## Work request
Keep the pictures out. Copy every line of the listing exactly.

====

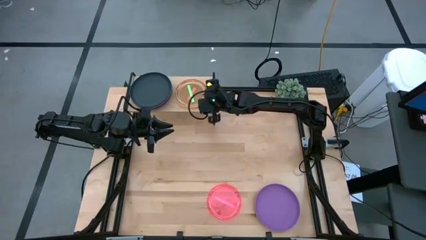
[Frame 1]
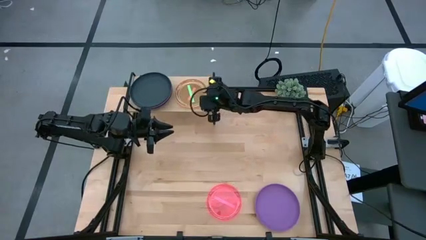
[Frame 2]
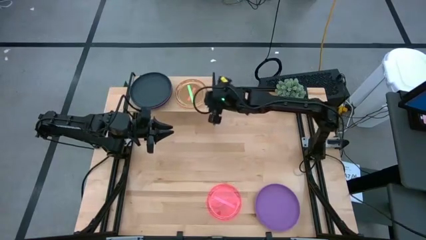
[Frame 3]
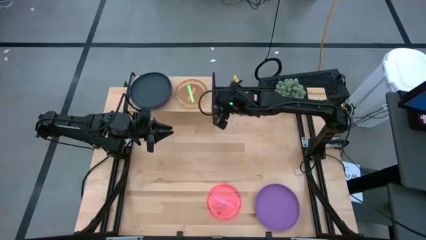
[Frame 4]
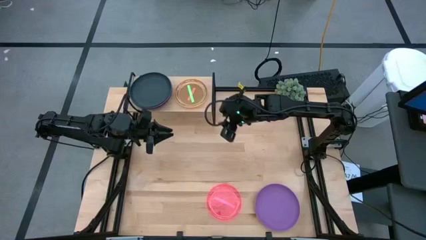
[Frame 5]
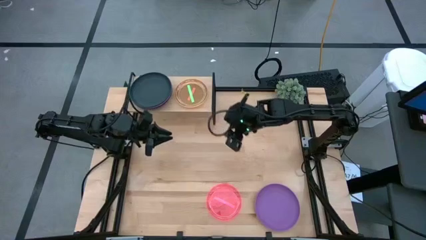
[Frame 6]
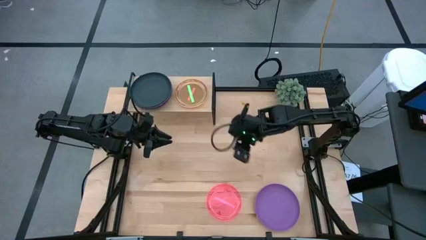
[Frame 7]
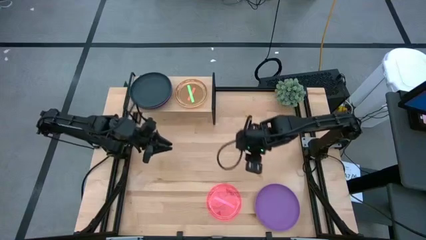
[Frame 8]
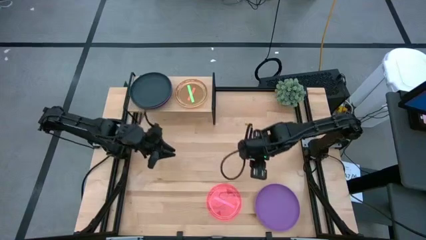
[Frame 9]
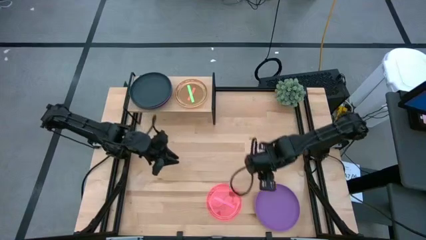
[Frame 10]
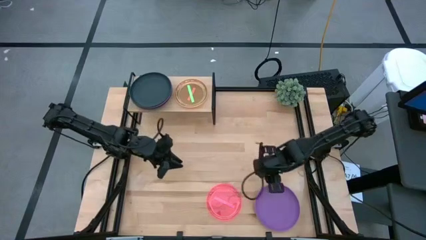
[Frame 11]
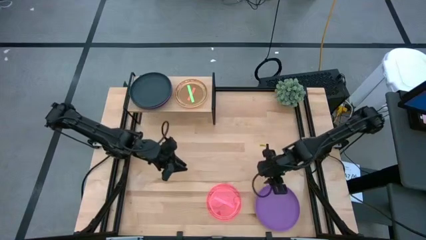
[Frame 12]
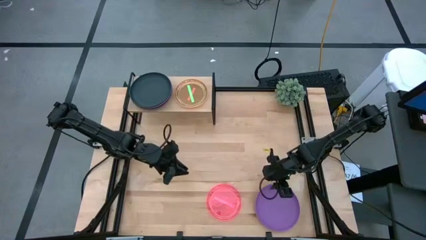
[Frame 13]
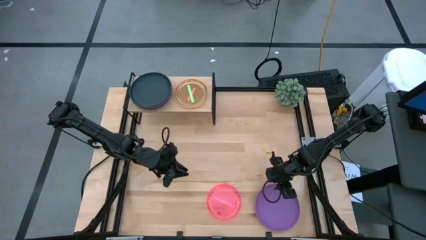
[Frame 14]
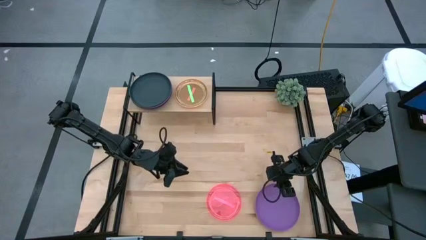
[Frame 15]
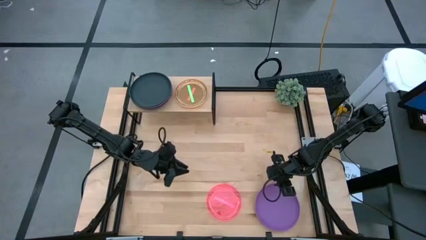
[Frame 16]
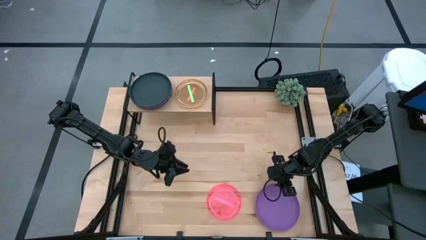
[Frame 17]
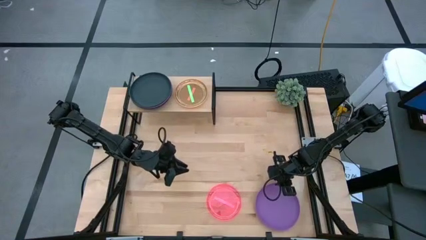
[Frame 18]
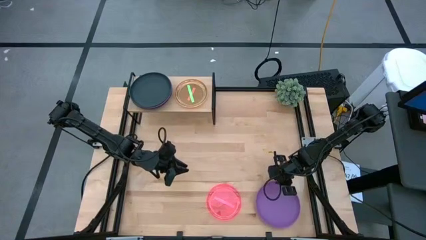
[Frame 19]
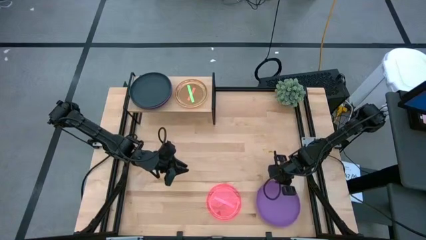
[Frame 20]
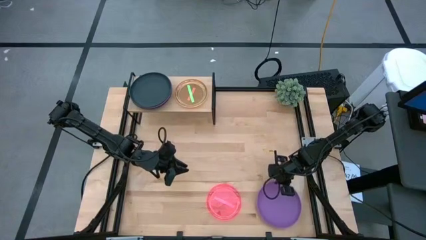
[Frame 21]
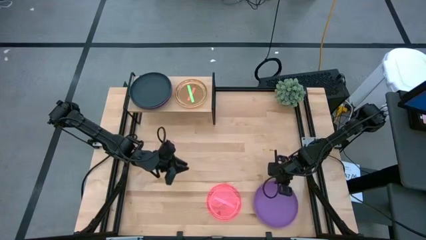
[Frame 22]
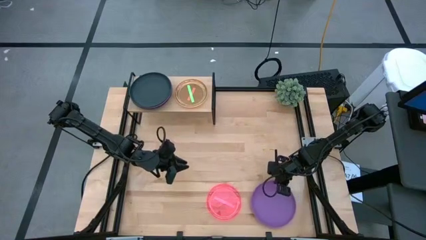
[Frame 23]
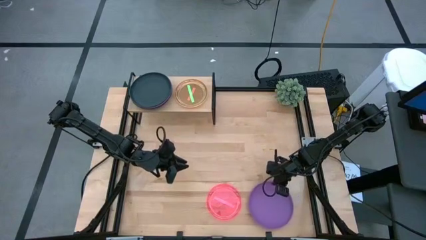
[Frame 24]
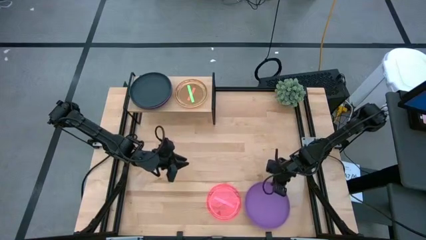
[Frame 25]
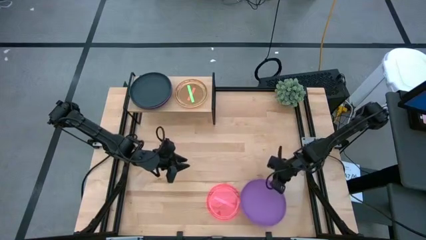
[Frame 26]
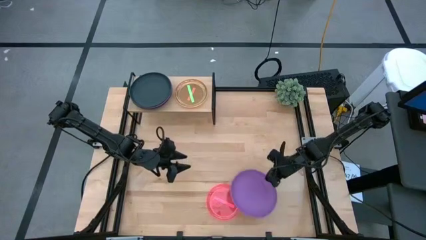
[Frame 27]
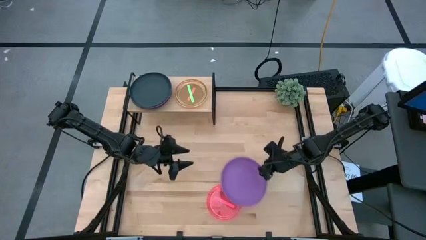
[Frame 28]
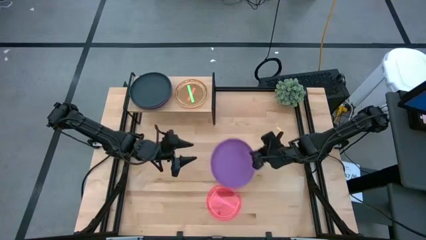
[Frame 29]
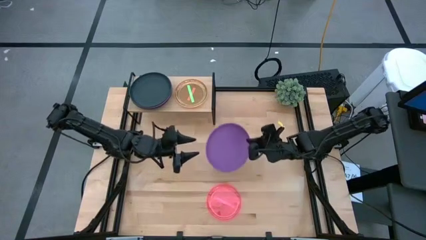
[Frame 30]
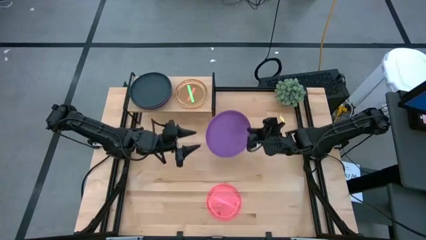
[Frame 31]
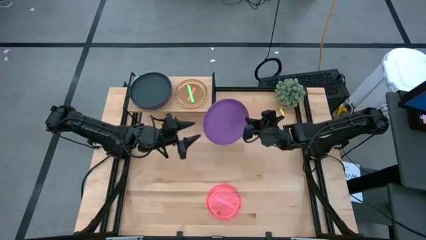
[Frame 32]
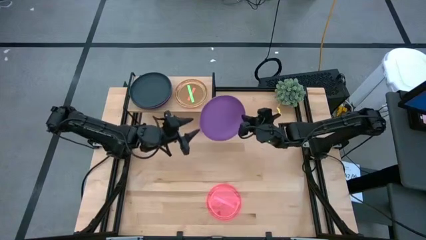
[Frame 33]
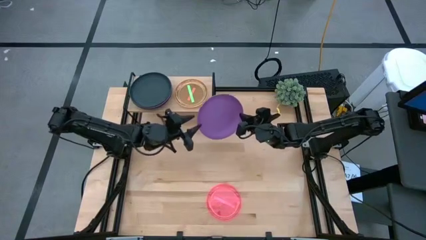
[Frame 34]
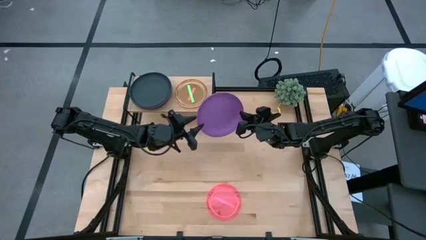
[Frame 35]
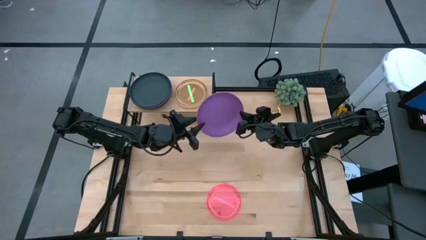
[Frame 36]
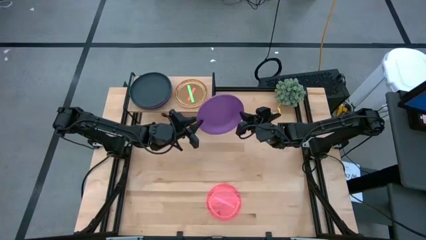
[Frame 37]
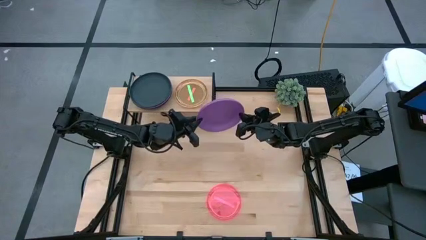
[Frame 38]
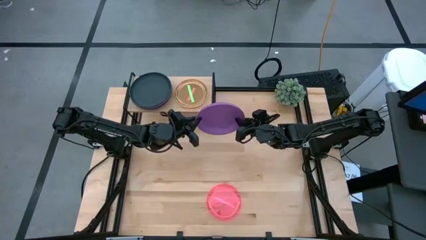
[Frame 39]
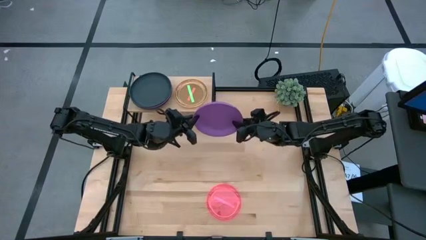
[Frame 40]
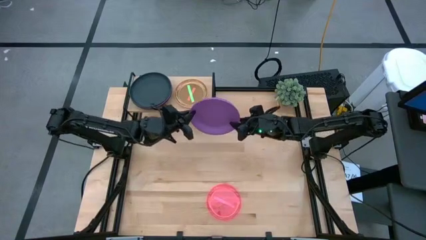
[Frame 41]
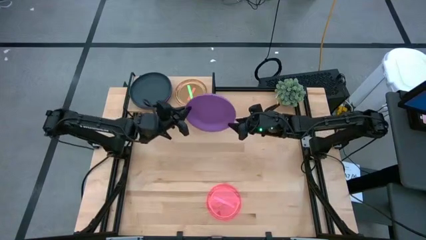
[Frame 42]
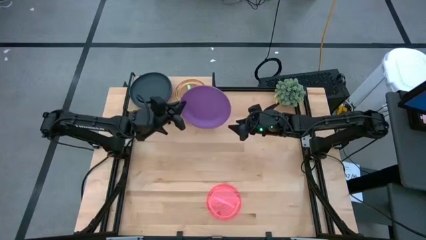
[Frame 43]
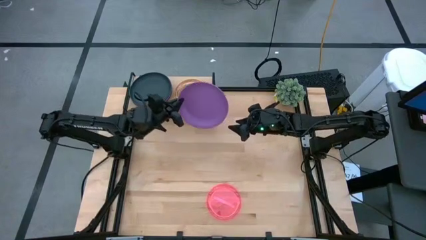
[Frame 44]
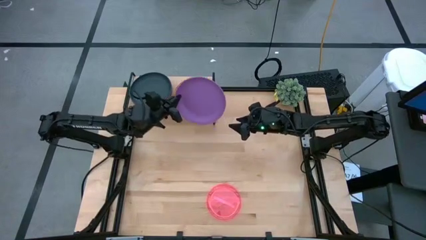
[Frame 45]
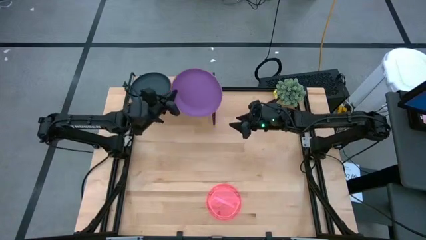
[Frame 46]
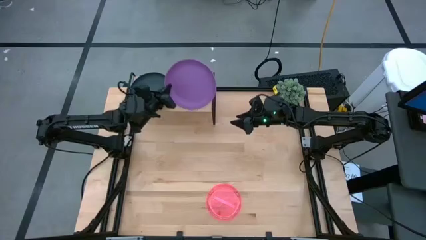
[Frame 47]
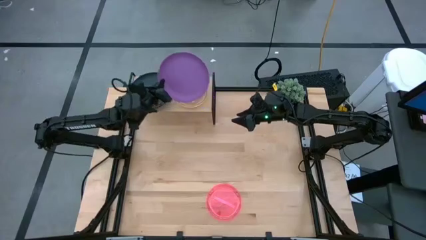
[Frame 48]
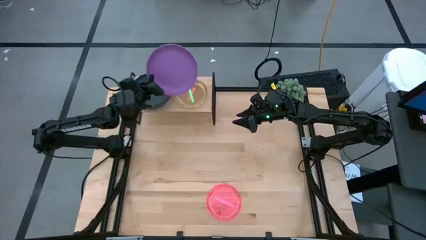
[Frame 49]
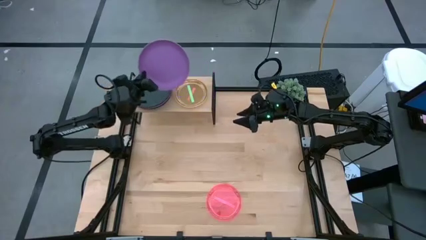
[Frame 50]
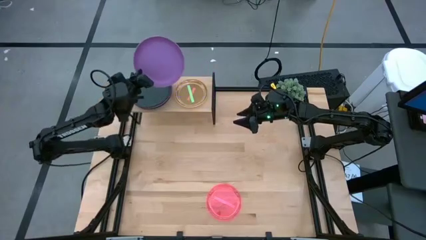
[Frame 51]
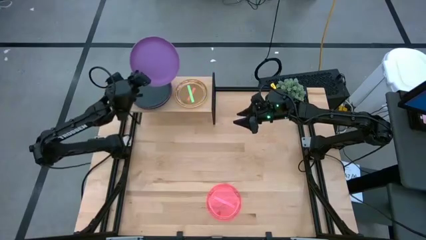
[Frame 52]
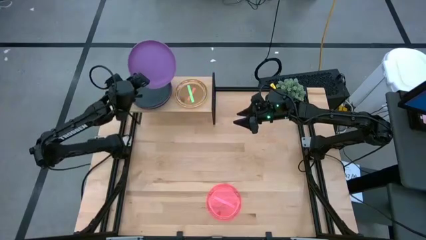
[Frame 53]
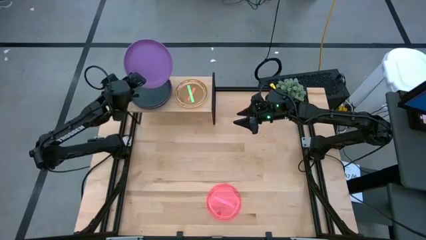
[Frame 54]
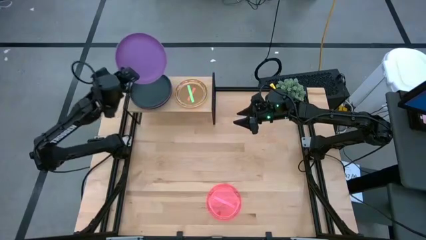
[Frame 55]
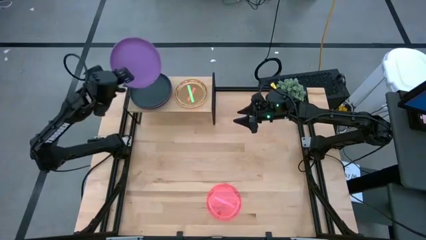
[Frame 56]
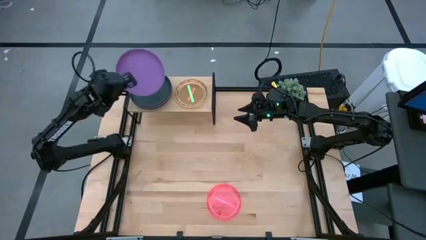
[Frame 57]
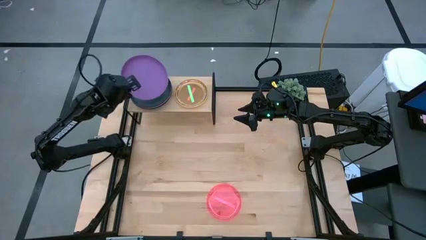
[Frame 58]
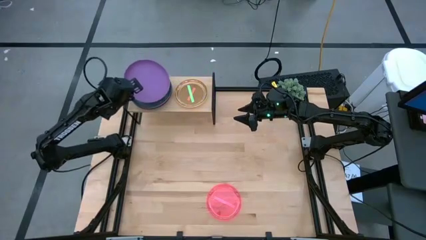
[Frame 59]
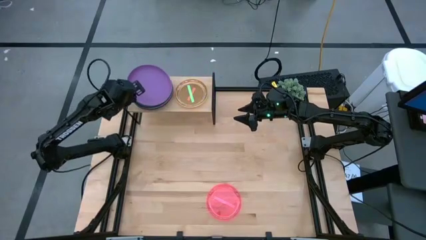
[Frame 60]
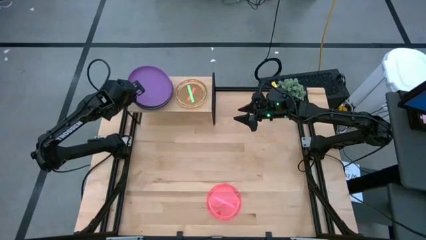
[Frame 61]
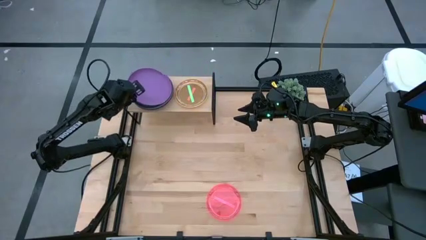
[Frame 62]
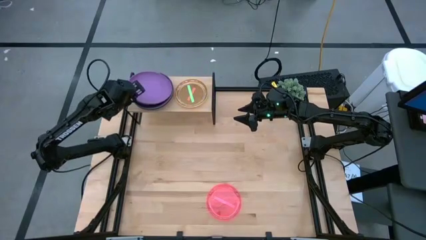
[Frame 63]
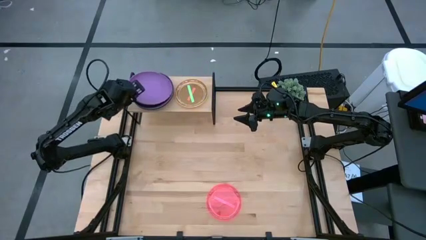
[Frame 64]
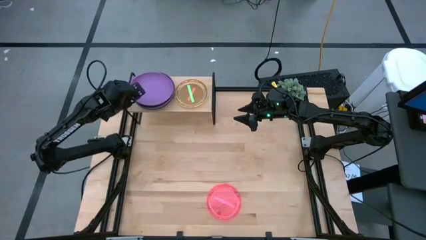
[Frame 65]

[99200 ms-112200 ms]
Task: Place and stack plates onto a shelf
Stack the purple plate on the black plate

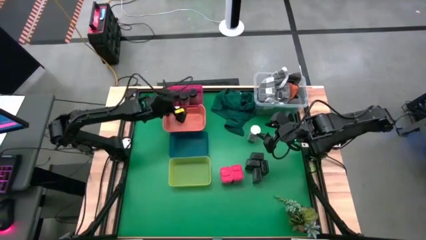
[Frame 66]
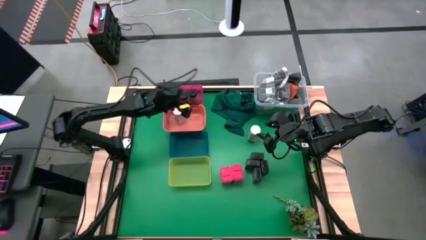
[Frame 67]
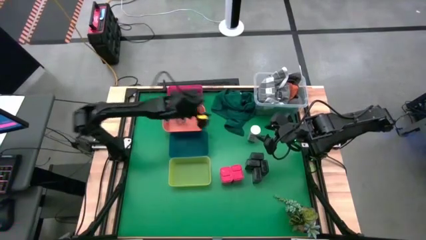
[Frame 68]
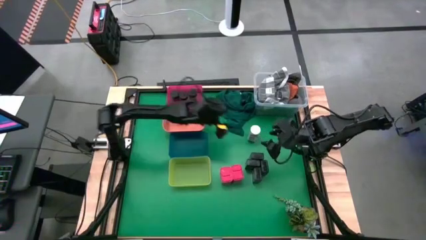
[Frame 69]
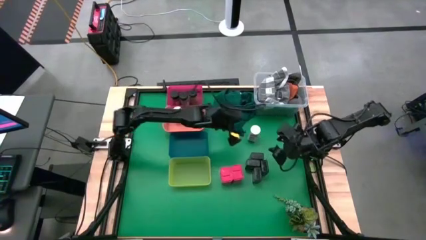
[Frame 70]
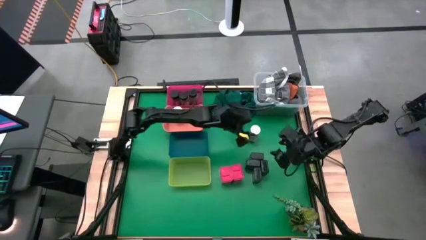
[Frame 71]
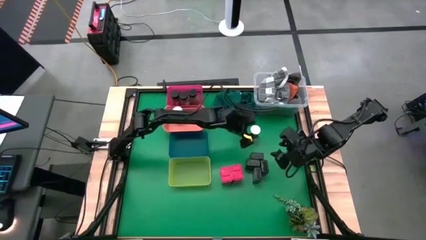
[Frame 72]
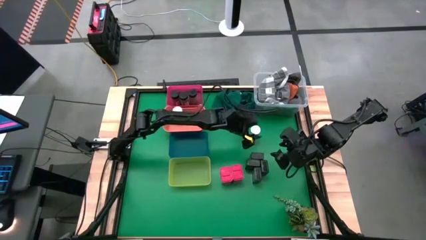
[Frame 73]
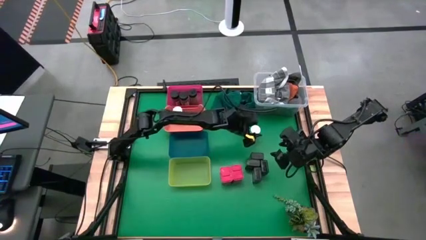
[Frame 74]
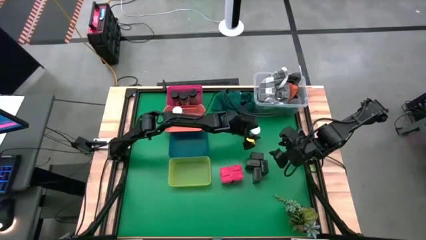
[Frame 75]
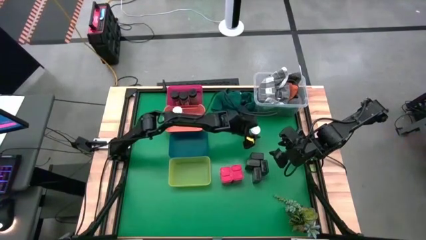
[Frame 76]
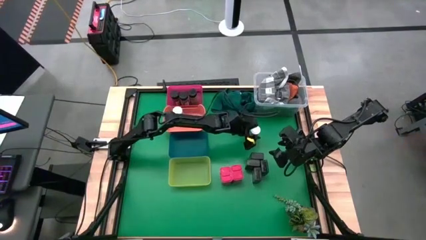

====

## Answer area
[Frame 1]
[Frame 2]
[Frame 3]
[Frame 4]
[Frame 5]
[Frame 6]
[Frame 7]
[Frame 8]
[Frame 9]
[Frame 10]
[Frame 11]
[Frame 12]
[Frame 13]
[Frame 14]
[Frame 15]
[Frame 16]
[Frame 17]
[Frame 18]
[Frame 19]
[Frame 20]
[Frame 21]
[Frame 22]
[Frame 23]
[Frame 24]
[Frame 25]
[Frame 26]
[Frame 27]
[Frame 28]
[Frame 29]
[Frame 30]
[Frame 31]
[Frame 32]
[Frame 33]
[Frame 34]
[Frame 35]
[Frame 36]
[Frame 37]
[Frame 38]
[Frame 39]
[Frame 40]
[Frame 41]
[Frame 42]
[Frame 43]
[Frame 44]
[Frame 45]
[Frame 46]
[Frame 47]
[Frame 48]
[Frame 49]
[Frame 50]
[Frame 51]
[Frame 52]
[Frame 53]
[Frame 54]
[Frame 55]
[Frame 56]
[Frame 57]
[Frame 58]
[Frame 59]
[Frame 60]
[Frame 61]
[Frame 62]
[Frame 63]
[Frame 64]
[Frame 65]

[99200 ms-112200 ms]
Task: Place and stack plates onto a shelf
Stack the purple plate on the black plate

[Frame 66]
[Frame 67]
[Frame 68]
[Frame 69]
[Frame 70]
[Frame 71]
[Frame 72]
[Frame 73]
[Frame 74]
[Frame 75]
[Frame 76]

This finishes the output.